L'exercice d'une action en justice, de même que la défense à une telle action, constituant en principe un droit l'appelante, qui ne démontre pas la mauvaise foi des bailleurs, sera donc déboutée de sa demande de dommages et intérêts pour procédure abusive.

 

Sur les frais irrépétibles :

Il n'apparaît pas inéquitable de laisser les frais irrépétibles à la charge de l'indivision Y.

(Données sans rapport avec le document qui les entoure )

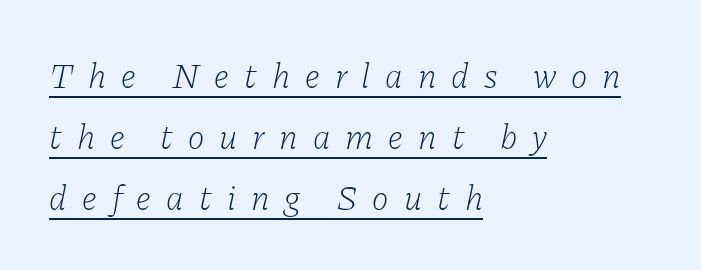
Weight: regular or lighter. Note: serifs present on the glyphs. It's the slanting kind of type. Observe the wide spacing: letters keep a clear distance from each other. Varying glyph widths throughout — classic text-font behaviour.

Il apparaît inéquitable de laisser les frais irrépétibles à la charge de Mademoiselle X.

 

DISPOSITIF (décision proprement dite)                                          (N.B. : mention ne figurant pas sur l’original)

Par ces motifs,

Confirme partiellement le jugement déféré en ce qu'il a :

- Débouté les consorts Y. de leur demande d'expulsion de Mademoiselle X.,

- Rejeté les demandes de Mademoiselle X. tendant à la nullité des clauses du bail afférentes aux frais de quittance et à la clause pénale.

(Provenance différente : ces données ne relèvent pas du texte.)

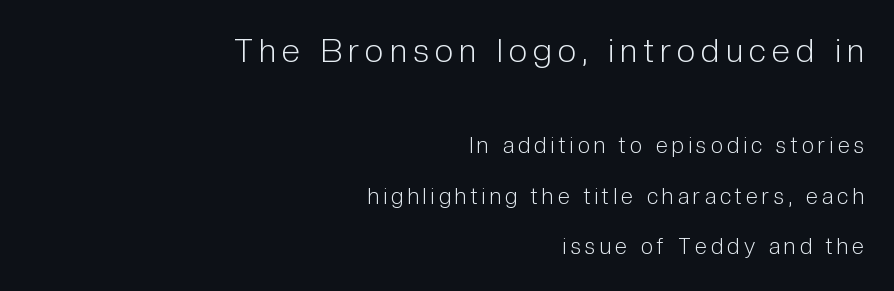
The image shows 33 px light, condensed sans-serif type, upright; set right-aligned, loose line spacing (2.3x), not underlined; the first (top) block is 1.5x larger; low stroke contrast and a medium x-height.
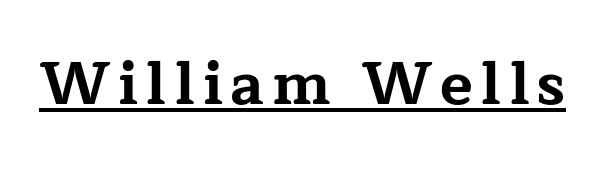
Is there an underline? Yes — a line sits under the letters. Is this a fixed-width face? No — the glyphs have proportional, varying widths. Posture: vertical. These lines carry a lot of weight — the face is fully bold. Each letter's strokes conclude with small projecting serifs.

- Infirme le jugement déféré en toutes ses autres dispositions ;

statuant à nouveau :

- Déboute Mademoiselle X. de sa demande de restitution des sommes versées au titre des frais de quittance,

- Condamne solidairement Monsieur Y. et Madame Y. au paiement de la somme de 203,13 € au titre du décompte des loyers et charges impayés au 21 juin 2006,

- Déboute Mademoiselle X. de sa demande de restitution au titre de la clause pénale,

- minute page 7] Dit n'y avoir lieu à application de la clause pénale,

- Déboute Mademoiselle X. de sa demande de dommages et intérêts pour procédure abusive,

- Rejette la demande des consorts Y. au titre des frais irrépétibles,

- Condamne Monsieur Y. et Madame Y. au paiement in solidum de la somme de 1.500 € au titre de l'article 700 du code de procédure civile ainsi que des dépens de première instance et d'appel, en ce compris le coût du commandement, avec distraction au profit des avoués en la cause en vertu de l'article 699 du code de procédure civile.

Le présent arrêt a été signé par Monsieur Robert MIORI, Président, et par Monsieur Hervé GOUDOT, Greffier, auquel la minute de la décision a été remise par le magistrat signataire.